Number of data clusters 40 Number of data points in train data 9169 Each data point contains 5 features


In [110]:
# extracting first 9169 timestamp values i.e 70% of 13099 (total timestamps) for our training data
tsne_train_flat_lat = [i[:9169] for i in tsne_lat]
tsne_train_flat_lon = [i[:9169] for i in tsne_lon]
tsne_train_flat_weekday = [i[:9169] for i in tsne_weekday]
tsne_train_flat_output = [i[:9169] for i in output]
tsne_train_flat_exp_avg = [i[:9169] for i in predict_list]

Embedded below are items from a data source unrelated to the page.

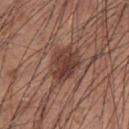The lesion was tiled from a total-body skin photograph and was not biopsied. A lesion tile, about 15 mm wide, cut from a 3D total-body photograph. The lesion is on the front of the torso. Imaged with white-light lighting. The subject is a male aged around 60.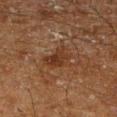This lesion was catalogued during total-body skin photography and was not selected for biopsy.
The subject is a male aged around 60.
Automated image analysis of the tile measured an automated nevus-likeness rating near 5 out of 100 and a detector confidence of about 100 out of 100 that the crop contains a lesion.
This image is a 15 mm lesion crop taken from a total-body photograph.
The lesion is on the right lower leg.
The tile uses cross-polarized illumination.
About 4 mm across.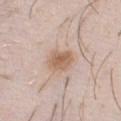Clinical impression:
This lesion was catalogued during total-body skin photography and was not selected for biopsy.
Image and clinical context:
The subject is a male aged around 30. The lesion's longest dimension is about 3 mm. The lesion is located on the chest. This is a white-light tile. A 15 mm close-up tile from a total-body photography series done for melanoma screening.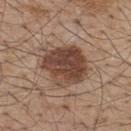{"biopsy_status": "not biopsied; imaged during a skin examination", "patient": {"sex": "male", "age_approx": 55}, "image": {"source": "total-body photography crop", "field_of_view_mm": 15}, "site": "upper back"}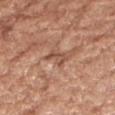Q: Was this lesion biopsied?
A: imaged on a skin check; not biopsied
Q: What is the imaging modality?
A: ~15 mm tile from a whole-body skin photo
Q: Lesion size?
A: ~3 mm (longest diameter)
Q: Illumination type?
A: white-light illumination
Q: Where on the body is the lesion?
A: the right forearm
Q: What are the patient's age and sex?
A: female, aged 73–77
Q: Automated lesion metrics?
A: an area of roughly 4 mm², an outline eccentricity of about 0.85 (0 = round, 1 = elongated), and a symmetry-axis asymmetry near 0.45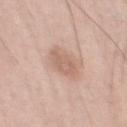The lesion was tiled from a total-body skin photograph and was not biopsied.
A female patient about 60 years old.
The lesion's longest dimension is about 3 mm.
A close-up tile cropped from a whole-body skin photograph, about 15 mm across.
The lesion is on the left thigh.
Captured under white-light illumination.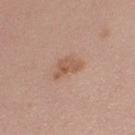body site: the leg | imaging modality: 15 mm crop, total-body photography | subject: female, aged around 30 | lesion diameter: ≈3.5 mm.

# extracting the rest of the timestamp values i.e 30% of 13099 (total timestamps) for our test data
tsne_test_flat_lat = [i[9169:] for i in tsne_lat]
tsne_test_flat_lon = [i[9169:] for i in tsne_lon]
tsne_test_flat_weekday = [i[9169:] for i in tsne_weekday]
tsne_test_flat_output = [i[9169:] for i in output]
tsne_test_flat_exp_avg = [i[9169:] for i in predict_list]

In [111]:
# the above contains values in the form of list of lists (i.e. list of values of each region), 
# here we make all of them in one list
train_new_features = []
for i in range(0,40):
    train_new_features.extend(train_features[i])
test_new_features = []
for i in range(0,40):
    test_new_features.extend(test_features[i])

In [112]:
# converting lists of lists into sinle list i.e flatten
# a  = [[1,2,3,4],[4,6,7,8]]
# print(sum(a,[]))
# [1, 2, 3, 4, 4, 6, 7, 8]

tsne_train_lat = sum(tsne_train_flat_lat, [])
tsne_train_lon = sum(tsne_train_flat_lon, [])
tsne_train_weekday = sum(tsne_train_flat_weekday, [])
tsne_train_output = sum(tsne_train_flat_output, [])
tsne_train_exp_avg = sum(tsne_train_flat_exp_avg,[])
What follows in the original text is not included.